The sugar industry is facing pressure to clean up its supply chains and improve oversight after revelations that women in India, the world’s second-largest sugar producer, work in debt bondage and are coerced into getting hysterectomies.

In the wake of the report, a group of labor leaders in India went on a three-day hunger strike recently to demand better working conditions. One of the companies that buys sugar in Maharashtra, Coca-Cola, quietly met with Indian government leaders and sugar suppliers last month to discuss responsible harvesting. And Bonsucro, a sugar industry body that sets standards, said that it would create a human rights task force.

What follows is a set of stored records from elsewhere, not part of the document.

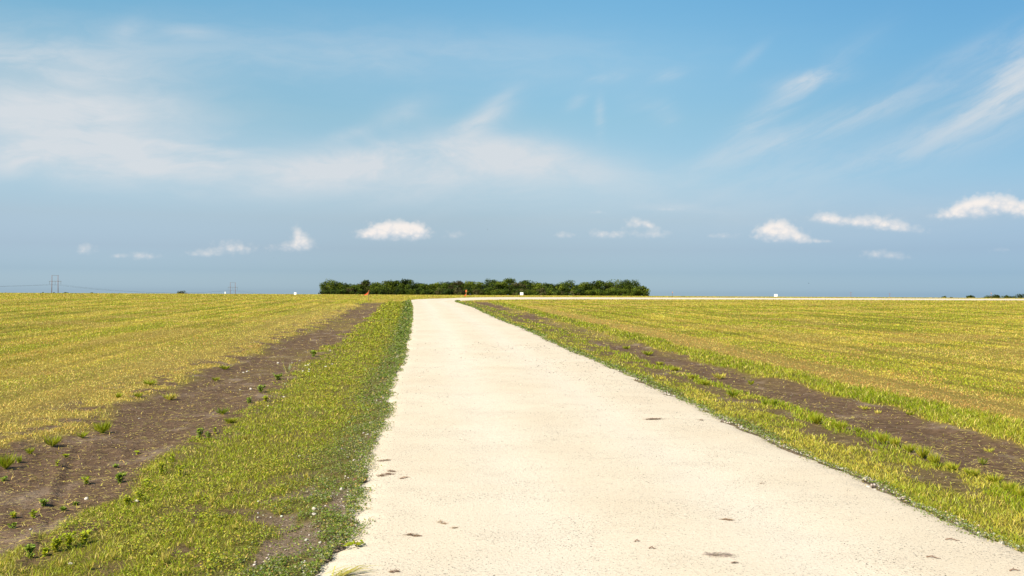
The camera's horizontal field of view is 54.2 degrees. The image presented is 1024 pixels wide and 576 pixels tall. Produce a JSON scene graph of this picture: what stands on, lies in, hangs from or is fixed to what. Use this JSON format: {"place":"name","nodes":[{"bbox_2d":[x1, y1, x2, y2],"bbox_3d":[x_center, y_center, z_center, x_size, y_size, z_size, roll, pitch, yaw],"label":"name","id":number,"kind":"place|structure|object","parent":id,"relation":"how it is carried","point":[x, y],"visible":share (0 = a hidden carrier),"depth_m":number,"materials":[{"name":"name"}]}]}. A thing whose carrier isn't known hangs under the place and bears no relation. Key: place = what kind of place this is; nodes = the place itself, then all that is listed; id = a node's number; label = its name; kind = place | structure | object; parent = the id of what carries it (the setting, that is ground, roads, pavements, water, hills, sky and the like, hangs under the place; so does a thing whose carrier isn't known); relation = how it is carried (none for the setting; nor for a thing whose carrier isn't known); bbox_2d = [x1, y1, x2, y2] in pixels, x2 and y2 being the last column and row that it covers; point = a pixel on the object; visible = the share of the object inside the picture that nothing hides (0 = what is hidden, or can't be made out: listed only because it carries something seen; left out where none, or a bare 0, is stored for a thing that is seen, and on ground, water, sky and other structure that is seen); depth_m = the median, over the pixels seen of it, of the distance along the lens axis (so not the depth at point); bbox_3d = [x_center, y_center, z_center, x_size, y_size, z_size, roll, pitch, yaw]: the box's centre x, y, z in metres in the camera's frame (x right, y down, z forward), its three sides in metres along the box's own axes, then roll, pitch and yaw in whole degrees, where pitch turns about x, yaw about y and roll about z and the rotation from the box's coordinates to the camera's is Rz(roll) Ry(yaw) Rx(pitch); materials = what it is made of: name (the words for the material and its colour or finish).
{"place":"outdoors","nodes":[
{"label":"outdoors","id":0,"kind":"place"},
{"bbox_2d":[0,302,401,575],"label":"verge grass","id":1,"kind":"structure","parent":0,"point":[167,540],"depth_m":9.19,"materials":[{"name":"plant"}]},
{"bbox_2d":[0,293,1023,575],"bbox_3d":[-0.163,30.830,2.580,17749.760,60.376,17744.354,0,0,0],"label":"ground","id":2,"kind":"structure","parent":0,"point":[140,435],"depth_m":16.77,"materials":[{"name":"plant"}]},
{"bbox_2d":[0,450,17,468],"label":"grass tuft","id":3,"kind":"object","parent":2,"relation":"on","point":[6,461],"visible":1,"depth_m":10.43,"materials":[{"name":"plant"}]},
{"bbox_2d":[24,544,35,557],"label":"weed","id":4,"kind":"object","parent":2,"relation":"on","point":[30,548],"visible":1,"depth_m":6.88,"materials":[{"name":"green plant"}]},
{"bbox_2d":[29,509,37,518],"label":"weed","id":5,"kind":"object","parent":2,"relation":"on","point":[33,513],"visible":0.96,"depth_m":8.15,"materials":[{"name":"green plant"}]},
{"bbox_2d":[39,498,48,505],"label":"weed","id":6,"kind":"object","parent":2,"relation":"on","point":[43,502],"visible":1,"depth_m":8.67,"materials":[{"name":"green plant"}]},
{"bbox_2d":[40,546,49,556],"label":"weed","id":7,"kind":"object","parent":2,"relation":"on","point":[46,550],"visible":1,"depth_m":6.91,"materials":[{"name":"green plant"}]},
{"bbox_2d":[42,435,62,446],"bbox_3d":[-5.466,1.810,11.904,0.232,0.160,0.307,0,0,0],"label":"grass tuft","id":8,"kind":"object","parent":2,"relation":"on","point":[52,443],"visible":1,"depth_m":11.87,"materials":[{"name":"plant"}]},
{"bbox_2d":[50,534,64,551],"bbox_3d":[-3.200,1.799,7.045,0.085,0.131,0.115,0,0,41],"label":"weed","id":9,"kind":"object","parent":2,"relation":"on","point":[56,543],"visible":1,"depth_m":7.04,"materials":[{"name":"green plant"}]},
{"bbox_2d":[54,556,66,567],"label":"grass tuft","id":10,"kind":"object","parent":2,"relation":"on","point":[62,563],"visible":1,"depth_m":6.65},
{"bbox_2d":[62,531,75,548],"bbox_3d":[-3.166,1.804,7.142,0.115,0.127,0.108,0,0,-15],"label":"weed","id":11,"kind":"object","parent":2,"relation":"on","point":[68,538],"visible":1,"depth_m":7.13,"materials":[{"name":"green plant"}]},
{"bbox_2d":[77,431,88,437],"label":"grass tuft","id":12,"kind":"object","parent":2,"relation":"on","point":[83,435],"visible":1,"depth_m":12.54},
{"bbox_2d":[79,530,90,543],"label":"weed","id":13,"kind":"object","parent":2,"relation":"on","point":[84,535],"visible":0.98,"depth_m":7.25,"materials":[{"name":"green plant"}]},
{"bbox_2d":[81,475,90,483],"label":"weed","id":14,"kind":"object","parent":2,"relation":"on","point":[86,481],"visible":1,"depth_m":9.64,"materials":[{"name":"green plant"}]},
{"bbox_2d":[90,420,112,432],"bbox_3d":[-5.374,1.816,13.107,0.313,0.176,0.368,0,0,-30],"label":"grass tuft","id":15,"kind":"object","parent":2,"relation":"on","point":[103,427],"visible":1,"depth_m":13.07,"materials":[{"name":"plant"}]},
{"bbox_2d":[115,472,126,482],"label":"weed","id":16,"kind":"object","parent":2,"relation":"on","point":[119,476],"visible":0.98,"depth_m":9.61,"materials":[{"name":"green plant"}]},
{"bbox_2d":[122,494,130,504],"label":"weed","id":17,"kind":"object","parent":2,"relation":"on","point":[126,499],"visible":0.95,"depth_m":8.54,"materials":[{"name":"green plant"}]},
{"bbox_2d":[134,490,144,501],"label":"weed","id":18,"kind":"object","parent":2,"relation":"on","point":[139,495],"visible":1,"depth_m":8.66,"materials":[{"name":"green plant"}]},
{"bbox_2d":[144,478,150,489],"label":"weed","id":19,"kind":"object","parent":2,"relation":"on","point":[147,484],"visible":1,"depth_m":9.13,"materials":[{"name":"green plant"}]},
{"bbox_2d":[141,379,156,384],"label":"grass tuft","id":20,"kind":"object","parent":2,"relation":"on","point":[150,383],"visible":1,"depth_m":19.22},
{"bbox_2d":[157,461,164,473],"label":"weed","id":21,"kind":"object","parent":2,"relation":"on","point":[161,465],"visible":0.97,"depth_m":10.03,"materials":[{"name":"green plant"}]},
{"bbox_2d":[161,546,173,563],"bbox_3d":[-2.323,1.786,6.731,0.096,0.148,0.118,0,0,-19],"label":"grass tuft","id":22,"kind":"object","parent":2,"relation":"on","point":[164,555],"visible":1,"depth_m":6.72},
{"bbox_2d":[162,392,177,399],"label":"grass tuft","id":23,"kind":"object","parent":2,"relation":"on","point":[169,396],"visible":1,"depth_m":17.08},
{"bbox_2d":[196,427,204,439],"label":"weed","id":24,"kind":"object","parent":2,"relation":"on","point":[199,431],"visible":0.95,"depth_m":12.34,"materials":[{"name":"green plant"}]},
{"bbox_2d":[214,406,229,413],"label":"grass tuft","id":25,"kind":"object","parent":2,"relation":"on","point":[224,411],"visible":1,"depth_m":14.92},
{"bbox_2d":[224,417,237,422],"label":"grass tuft","id":26,"kind":"object","parent":2,"relation":"on","point":[231,419],"visible":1,"depth_m":13.84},
{"bbox_2d":[318,289,331,293],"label":"shrub","id":27,"kind":"object","parent":2,"relation":"on","point":[325,291],"visible":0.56,"depth_m":492.67,"materials":[{"name":"green plant"}]},
{"bbox_2d":[319,279,342,290],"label":"tree","id":28,"kind":"object","parent":2,"relation":"on","point":[332,285],"visible":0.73,"depth_m":497.51,"materials":[{"name":"green plant"}]},
{"bbox_2d":[331,289,341,293],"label":"shrub","id":29,"kind":"object","parent":2,"relation":"on","point":[335,291],"visible":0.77,"depth_m":488.02,"materials":[{"name":"green plant"}]},
{"bbox_2d":[345,287,355,293],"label":"shrub","id":30,"kind":"object","parent":2,"relation":"on","point":[349,290],"visible":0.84,"depth_m":492.75,"materials":[{"name":"green plant"}]},
{"bbox_2d":[342,283,361,292],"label":"tree","id":31,"kind":"object","parent":2,"relation":"on","point":[348,286],"visible":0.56,"depth_m":496.63,"materials":[{"name":"green plant"}]},
{"bbox_2d":[355,288,367,294],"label":"shrub","id":32,"kind":"object","parent":2,"relation":"on","point":[363,291],"visible":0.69,"depth_m":491.41,"materials":[{"name":"green plant"}]},
{"bbox_2d":[361,280,370,289],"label":"tree","id":33,"kind":"object","parent":2,"relation":"on","point":[367,283],"visible":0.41,"depth_m":507.66,"materials":[{"name":"green plant"}]},
{"bbox_2d":[368,282,384,293],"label":"tree","id":34,"kind":"object","parent":2,"relation":"on","point":[375,286],"visible":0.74,"depth_m":498.22,"materials":[{"name":"green plant"}]},
{"bbox_2d":[377,287,394,294],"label":"shrub","id":35,"kind":"object","parent":2,"relation":"on","point":[383,290],"visible":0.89,"depth_m":491.53,"materials":[{"name":"green plant"}]},
{"bbox_2d":[381,280,397,291],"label":"tree","id":36,"kind":"object","parent":2,"relation":"on","point":[390,284],"visible":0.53,"depth_m":501.42,"materials":[{"name":"green plant"}]},
{"bbox_2d":[394,288,407,294],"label":"shrub","id":37,"kind":"object","parent":2,"relation":"on","point":[400,291],"visible":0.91,"depth_m":488.25,"materials":[{"name":"green plant"}]},
{"bbox_2d":[397,278,416,289],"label":"tree","id":38,"kind":"object","parent":2,"relation":"on","point":[403,284],"visible":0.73,"depth_m":498.56,"materials":[{"name":"green plant"}]},
{"bbox_2d":[404,289,417,294],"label":"shrub","id":39,"kind":"object","parent":2,"relation":"on","point":[410,292],"visible":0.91,"depth_m":491.14,"materials":[{"name":"green plant"}]},
{"bbox_2d":[414,287,423,294],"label":"shrub","id":40,"kind":"object","parent":2,"relation":"on","point":[418,290],"visible":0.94,"depth_m":491.28,"materials":[{"name":"green plant"}]},
{"bbox_2d":[419,284,433,294],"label":"tree","id":41,"kind":"object","parent":2,"relation":"on","point":[424,287],"visible":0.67,"depth_m":498.58,"materials":[{"name":"green plant"}]},
{"bbox_2d":[424,289,435,294],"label":"shrub","id":42,"kind":"object","parent":2,"relation":"on","point":[430,292],"visible":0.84,"depth_m":494.15,"materials":[{"name":"green plant"}]},
{"bbox_2d":[429,282,442,294],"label":"tree","id":43,"kind":"object","parent":2,"relation":"on","point":[435,286],"visible":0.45,"depth_m":500.13,"materials":[{"name":"green plant"}]},
{"bbox_2d":[435,288,444,294],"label":"shrub","id":44,"kind":"object","parent":2,"relation":"on","point":[439,291],"visible":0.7,"depth_m":490.80,"materials":[{"name":"green plant"}]},
{"bbox_2d":[438,281,449,289],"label":"tree","id":45,"kind":"object","parent":2,"relation":"on","point":[443,284],"visible":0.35,"depth_m":503.67,"materials":[{"name":"green plant"}]},
{"bbox_2d":[442,288,453,294],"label":"shrub","id":46,"kind":"object","parent":2,"relation":"on","point":[449,291],"visible":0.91,"depth_m":488.21,"materials":[{"name":"green plant"}]},
{"bbox_2d":[448,280,468,294],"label":"tree","id":47,"kind":"object","parent":2,"relation":"on","point":[457,285],"visible":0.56,"depth_m":499.11,"materials":[{"name":"green plant"}]},
{"bbox_2d":[452,290,464,294],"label":"shrub","id":48,"kind":"object","parent":2,"relation":"on","point":[456,292],"visible":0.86,"depth_m":489.29,"materials":[{"name":"green plant"}]},
{"bbox_2d":[460,287,472,294],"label":"shrub","id":49,"kind":"object","parent":2,"relation":"on","point":[468,291],"visible":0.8,"depth_m":492.05,"materials":[{"name":"green plant"}]},
{"bbox_2d":[461,281,475,294],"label":"tree","id":50,"kind":"object","parent":2,"relation":"on","point":[470,284],"visible":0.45,"depth_m":500.39,"materials":[{"name":"green plant"}]},
{"bbox_2d":[471,289,482,294],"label":"shrub","id":51,"kind":"object","parent":2,"relation":"on","point":[477,292],"visible":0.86,"depth_m":489.74,"materials":[{"name":"green plant"}]},
{"bbox_2d":[471,282,487,294],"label":"tree","id":52,"kind":"object","parent":2,"relation":"on","point":[478,285],"visible":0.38,"depth_m":498.65,"materials":[{"name":"green plant"}]},
{"bbox_2d":[482,287,492,294],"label":"shrub","id":53,"kind":"object","parent":2,"relation":"on","point":[487,291],"visible":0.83,"depth_m":491.51,"materials":[{"name":"green plant"}]},
{"bbox_2d":[483,278,497,289],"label":"tree","id":54,"kind":"object","parent":2,"relation":"on","point":[489,283],"visible":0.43,"depth_m":504.12,"materials":[{"name":"green plant"}]},
{"bbox_2d":[489,289,501,294],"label":"shrub","id":55,"kind":"object","parent":2,"relation":"on","point":[494,292],"visible":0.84,"depth_m":488.78,"materials":[{"name":"green plant"}]},
{"bbox_2d":[493,281,509,289],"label":"tree","id":56,"kind":"object","parent":2,"relation":"on","point":[498,285],"visible":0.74,"depth_m":498.71,"materials":[{"name":"green plant"}]},
{"bbox_2d":[499,289,510,294],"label":"shrub","id":57,"kind":"object","parent":2,"relation":"on","point":[505,291],"visible":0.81,"depth_m":491.82,"materials":[{"name":"green plant"}]},
{"bbox_2d":[502,278,515,292],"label":"tree","id":58,"kind":"object","parent":2,"relation":"on","point":[509,281],"visible":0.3,"depth_m":505.80,"materials":[{"name":"green plant"}]},
{"bbox_2d":[0,304,1023,575],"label":"straw","id":59,"kind":"object","parent":2,"relation":"on","point":[306,378],"visible":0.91,"depth_m":13.56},
{"bbox_2d":[1,299,1023,575],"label":"ground cover","id":60,"kind":"object","parent":2,"relation":"on","point":[401,333],"visible":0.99,"depth_m":10.12,"materials":[{"name":"green plant"}]},
{"bbox_2d":[3,317,1023,572],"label":"gravel","id":61,"kind":"structure","parent":2,"relation":"on","point":[621,371],"depth_m":10.61,"materials":[{"name":"gravel"}]},
{"bbox_2d":[508,282,526,294],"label":"tree","id":62,"kind":"object","parent":2,"relation":"on","point":[517,285],"visible":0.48,"depth_m":500.81,"materials":[{"name":"green plant"}]},
{"bbox_2d":[514,289,527,294],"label":"shrub","id":63,"kind":"object","parent":2,"relation":"on","point":[524,291],"visible":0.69,"depth_m":488.91,"materials":[{"name":"green plant"}]},
{"bbox_2d":[520,280,533,288],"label":"tree","id":64,"kind":"object","parent":2,"relation":"on","point":[527,283],"visible":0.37,"depth_m":506.56,"materials":[{"name":"green plant"}]},
{"bbox_2d":[526,290,539,294],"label":"shrub","id":65,"kind":"object","parent":2,"relation":"on","point":[530,292],"visible":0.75,"depth_m":492.96,"materials":[{"name":"green plant"}]},
{"bbox_2d":[526,281,545,291],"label":"tree","id":66,"kind":"object","parent":2,"relation":"on","point":[536,286],"visible":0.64,"depth_m":498.94,"materials":[{"name":"green plant"}]},
{"bbox_2d":[536,287,551,294],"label":"shrub","id":67,"kind":"object","parent":2,"relation":"on","point":[543,291],"visible":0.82,"depth_m":493.47,"materials":[{"name":"green plant"}]},
{"bbox_2d":[546,288,555,294],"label":"shrub","id":68,"kind":"object","parent":2,"relation":"on","point":[551,293],"visible":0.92,"depth_m":492.04,"materials":[{"name":"green plant"}]},
{"bbox_2d":[553,290,568,294],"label":"shrub","id":69,"kind":"object","parent":2,"relation":"on","point":[557,292],"visible":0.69,"depth_m":488.02,"materials":[{"name":"green plant"}]},
{"bbox_2d":[555,284,567,294],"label":"tree","id":70,"kind":"object","parent":2,"relation":"on","point":[559,287],"visible":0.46,"depth_m":499.23,"materials":[{"name":"green plant"}]},
{"bbox_2d":[559,280,574,291],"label":"tree","id":71,"kind":"object","parent":2,"relation":"on","point":[569,285],"visible":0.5,"depth_m":503.59,"materials":[{"name":"green plant"}]},
{"bbox_2d":[568,289,579,295],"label":"shrub","id":72,"kind":"object","parent":2,"relation":"on","point":[574,293],"visible":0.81,"depth_m":489.72,"materials":[{"name":"green plant"}]},
{"bbox_2d":[570,285,584,295],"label":"tree","id":73,"kind":"object","parent":2,"relation":"on","point":[577,286],"visible":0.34,"depth_m":499.13,"materials":[{"name":"green plant"}]},
{"bbox_2d":[574,287,585,295],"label":"shrub","id":74,"kind":"object","parent":2,"relation":"on","point":[581,290],"visible":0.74,"depth_m":493.84,"materials":[{"name":"green plant"}]},
{"bbox_2d":[579,282,596,295],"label":"tree","id":75,"kind":"object","parent":2,"relation":"on","point":[587,285],"visible":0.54,"depth_m":501.09,"materials":[{"name":"green plant"}]},
{"bbox_2d":[585,289,596,295],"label":"shrub","id":76,"kind":"object","parent":2,"relation":"on","point":[590,292],"visible":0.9,"depth_m":487.94,"materials":[{"name":"green plant"}]},
{"bbox_2d":[590,280,606,295],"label":"tree","id":77,"kind":"object","parent":2,"relation":"on","point":[598,284],"visible":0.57,"depth_m":505.28,"materials":[{"name":"green plant"}]},
{"bbox_2d":[595,287,607,295],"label":"shrub","id":78,"kind":"object","parent":2,"relation":"on","point":[599,292],"visible":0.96,"depth_m":487.64,"materials":[{"name":"green plant"}]},
{"bbox_2d":[603,288,617,295],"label":"shrub","id":79,"kind":"object","parent":2,"relation":"on","point":[611,292],"visible":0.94,"depth_m":489.52,"materials":[{"name":"green plant"}]},
{"bbox_2d":[605,279,629,293],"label":"tree","id":80,"kind":"object","parent":2,"relation":"on","point":[619,284],"visible":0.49,"depth_m":498.49,"materials":[{"name":"green plant"}]},
{"bbox_2d":[613,288,626,295],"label":"shrub","id":81,"kind":"object","parent":2,"relation":"on","point":[621,291],"visible":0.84,"depth_m":491.63,"materials":[{"name":"green plant"}]},
{"bbox_2d":[623,289,634,295],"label":"shrub","id":82,"kind":"object","parent":2,"relation":"on","point":[629,293],"visible":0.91,"depth_m":490.54,"materials":[{"name":"green plant"}]},
{"bbox_2d":[620,279,638,290],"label":"tree","id":83,"kind":"object","parent":2,"relation":"on","point":[631,284],"visible":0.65,"depth_m":501.57,"materials":[{"name":"green plant"}]},
{"bbox_2d":[631,287,643,295],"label":"shrub","id":84,"kind":"object","parent":2,"relation":"on","point":[637,291],"visible":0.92,"depth_m":490.75,"materials":[{"name":"green plant"}]},
{"bbox_2d":[638,285,649,295],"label":"tree","id":85,"kind":"object","parent":2,"relation":"on","point":[643,288],"visible":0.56,"depth_m":495.81,"materials":[{"name":"green plant"}]},
{"bbox_2d":[712,373,725,378],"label":"grass tuft","id":86,"kind":"object","parent":2,"relation":"on","point":[723,375],"visible":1,"depth_m":21.51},
{"bbox_2d":[725,388,739,395],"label":"grass tuft","id":87,"kind":"object","parent":2,"relation":"on","point":[730,393],"visible":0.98,"depth_m":17.64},
{"bbox_2d":[809,413,823,423],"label":"grass tuft","id":88,"kind":"object","parent":2,"relation":"on","point":[814,419],"visible":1,"depth_m":14.00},
{"bbox_2d":[831,420,848,429],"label":"grass tuft","id":89,"kind":"object","parent":2,"relation":"on","point":[840,425],"visible":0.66,"depth_m":13.41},
{"bbox_2d":[876,432,888,443],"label":"grass tuft","id":90,"kind":"object","parent":2,"relation":"on","point":[880,438],"visible":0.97,"depth_m":12.10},
{"bbox_2d":[887,436,901,445],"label":"grass tuft","id":91,"kind":"object","parent":2,"relation":"on","point":[893,440],"visible":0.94,"depth_m":11.95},
{"bbox_2d":[902,441,916,451],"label":"grass tuft","id":92,"kind":"object","parent":2,"relation":"on","point":[907,447],"visible":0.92,"depth_m":11.51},
{"bbox_2d":[914,443,931,458],"bbox_3d":[4.589,1.819,11.141,0.195,0.174,0.240,0,0,-33],"label":"grass tuft","id":93,"kind":"object","parent":2,"relation":"on","point":[923,454],"visible":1,"depth_m":11.13,"materials":[{"name":"plant"}]},
{"bbox_2d":[927,451,941,463],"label":"grass tuft","id":94,"kind":"object","parent":2,"relation":"on","point":[932,459],"visible":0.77,"depth_m":10.80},
{"bbox_2d":[944,460,960,469],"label":"grass tuft","id":95,"kind":"object","parent":2,"relation":"on","point":[954,466],"visible":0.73,"depth_m":10.47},
{"bbox_2d":[962,468,980,475],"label":"grass tuft","id":96,"kind":"object","parent":2,"relation":"on","point":[971,470],"visible":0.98,"depth_m":10.09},
{"bbox_2d":[985,472,1004,481],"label":"grass tuft","id":97,"kind":"object","parent":2,"relation":"on","point":[997,478],"visible":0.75,"depth_m":9.77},
{"bbox_2d":[1000,480,1020,491],"bbox_3d":[4.616,1.835,9.239,0.185,0.125,0.202,0,0,19],"label":"grass tuft","id":98,"kind":"object","parent":2,"relation":"on","point":[1011,485],"visible":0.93,"depth_m":9.24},
{"bbox_2d":[1015,485,1023,496],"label":"grass tuft","id":99,"kind":"object","parent":2,"relation":"on","point":[1018,492],"visible":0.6,"depth_m":9.03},
{"bbox_2d":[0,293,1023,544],"bbox_3d":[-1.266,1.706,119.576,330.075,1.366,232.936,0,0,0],"label":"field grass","id":100,"kind":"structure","parent":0,"point":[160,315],"depth_m":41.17,"materials":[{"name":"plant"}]},
{"bbox_2d":[0,0,1023,297],"label":"sky","id":101,"kind":"structure","parent":0,"point":[754,148],"materials":[{"name":"blue"}]},
{"bbox_2d":[315,297,1023,575],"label":"road","id":102,"kind":"structure","parent":0,"point":[488,473],"depth_m":8.82,"materials":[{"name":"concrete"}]},
{"bbox_2d":[325,565,377,575],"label":"grass sprig","id":103,"kind":"object","parent":102,"relation":"on","point":[348,571],"depth_m":6.17,"materials":[{"name":"plant"}]},
{"bbox_2d":[341,539,364,546],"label":"leafy sprig","id":104,"kind":"object","parent":102,"relation":"on","point":[354,542],"visible":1,"depth_m":6.87,"materials":[{"name":"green plant"}]},
{"bbox_2d":[703,551,737,556],"bbox_3d":[1.379,1.754,6.602,0.253,0.016,0.145,0,0,0],"label":"dry grass clump","id":105,"kind":"object","parent":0,"point":[717,553],"visible":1,"depth_m":6.60,"materials":[{"name":"plant"}]},
{"bbox_2d":[461,301,1023,551],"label":"verge grass","id":106,"kind":"structure","parent":0,"point":[906,487],"depth_m":11.14,"materials":[{"name":"plant"}]},
{"bbox_2d":[462,299,1023,486],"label":"field grass","id":107,"kind":"structure","parent":0,"point":[903,342],"depth_m":40.07,"materials":[{"name":"plant"}]},
{"bbox_2d":[488,301,1023,445],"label":"uncut grass","id":108,"kind":"structure","parent":0,"point":[972,415],"depth_m":18.25,"materials":[{"name":"plant"}]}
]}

The investigation into the sugar industry, by The New York Times and The Fuller Project, revealed a range of labor abuses, including that female sugar cane cutters in the western India state of Maharashtra were pushed into illegal child marriages so that they could work alongside their husbands. Locked into debt to their employers, the women are forced to return to the fields season after season, the report found.

Women also described facing pressure to undergo hysterectomies for routine ailments like painful periods, adding that they usually had to borrow from their employers to pay for the surgery. That often ended the women’s periods and kept them in the fields, but such procedures can also have consequences including early menopause.

Sugar producers and buyers have known about this abusive system for years, the investigation revealed. But multinational companies have done little in response. One mill that profited off abuses even received a seal of approval from Bonsucro. (Major brands like Coke, PepsiCo, Unilever and General Mills have used Bonsucro endorsements to bolster the images of their supply chains.)